Conclusory allegations of securities fraud are insufficient to avoid dismissal.
Smith,
845 F.2d at 1365. Because his complaint contains nothing more than conclusory allegations of securities fraud, Whalen has failed to state a claim upon which the district court could grant relief. The failure to state a claim usually warrants dismissal under Rule 12(b)(6).
See
Fed.R.Civ.P. 12(b)(6). However, in many cases, the failure to state a claim is the “functional equivalent” of the failure to raise a genuine issue of material fact.

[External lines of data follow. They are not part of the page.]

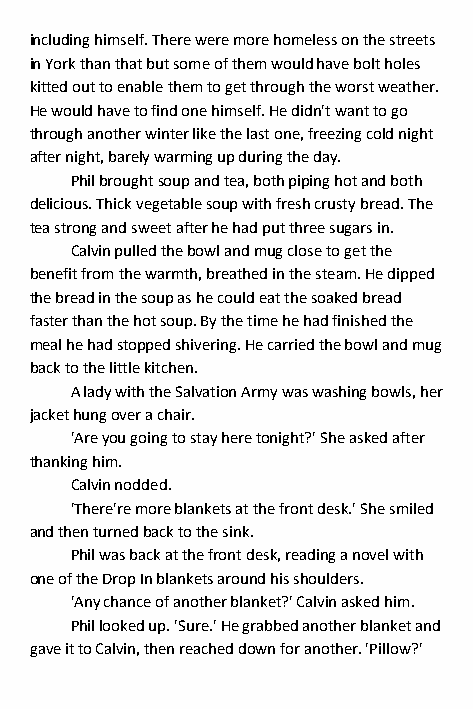
including himself. There were more homeless on the streets
 in York than that but some of them would have bolt holes
 kitted out to enable them to get through the worst weather.
 He would have to find one himself. He didn't want to go
 through another winter like the last one, freezing cold night
 after night, barely warming up during the day.
 Phil brought soup and tea, both piping hot and both
 delicious. Thick vegetable soup with fresh crusty bread. The
 tea strong and sweet after he had put three sugars in.
 Calvin pulled the bowl and mug close to get the
 benefit from the warmth, breathed in the steam. He dipped
 the bread in the soup as he could eat the soaked bread
 faster than the hot soup. By the time he had finished the
 meal he had stopped shivering. He carried the bowl and mug
 back to the little kitchen.
 A lady with the Salvation Army was washing bowls, her
 jacket hung over a chair.
 'Are you going to stay here tonight?' She asked after
 thanking him.
 Calvin nodded.
 'There're more blankets at the front desk.' She smiled
 and then turned back to the sink.
 Phil was back at the front desk, reading a novel with
 one of the Drop In blankets around his shoulders.
 'Any chance of another blanket?' Calvin asked him.
 Phil looked up. 'Sure.' He grabbed another blanket and
 gave it to Calvin, then reached down for another. 'Pillow?'

Blum v. Morgan Guaranty Trust Co.,
709 F.2d 1463, 1466 (11th Cir.1983). Such is the case here. The district court did not err in granting summary judgment to the defendants on Whalen’s federal securities claims.
D. Denial of Discovery
The plaintiffs complain that the district court denied them an opportunity to conduct reasonable discovery in this case. “[CJontrol of discovery is committed to the sound discretion of the trial court and its discovery rulings will be reversed only where they are arbitrary or clearly unreasonable.”

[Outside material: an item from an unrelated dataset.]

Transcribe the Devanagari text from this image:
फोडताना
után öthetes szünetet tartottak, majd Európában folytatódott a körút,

Williamson v. United States Dep’t of Agriculture,
815 F.2d 368, 382 (5th Cir.1987). After a careful review of the record, we are persuaded that the district court’s discovery rulings were neither arbitrary nor clearly unreasonable.
III. CONCLUSION
While the plaintiffs do not have the requisite standing to pursue RICO claims against the defendants as creditors and shareholders of Carter Mobile Homes, Inc., the plaintiffs may have standing to pursue RICO claims as limited partners in PHC & Associates. They have established that non-RICO standing requirements do not preclude their claims against the defendants. Accordingly, the district court erred in dismissing the plaintiffs’ RICO claims without considering whether statutory RICO standing requirements bar their claims. The district court did not err, however, in concluding that it could not exercise diversity jurisdiction over plaintiff Whalen’s state law claims and in granting summary judgment to the defendants on Whalen’s federal securities fraud claims. The judgment of the district court is affirmed in part and reversed in part, and this case is remanded to the district court for further proceedings consistent with this opinion.
AFFIRMED IN PART, REVERSED IN PART AND REMANDED.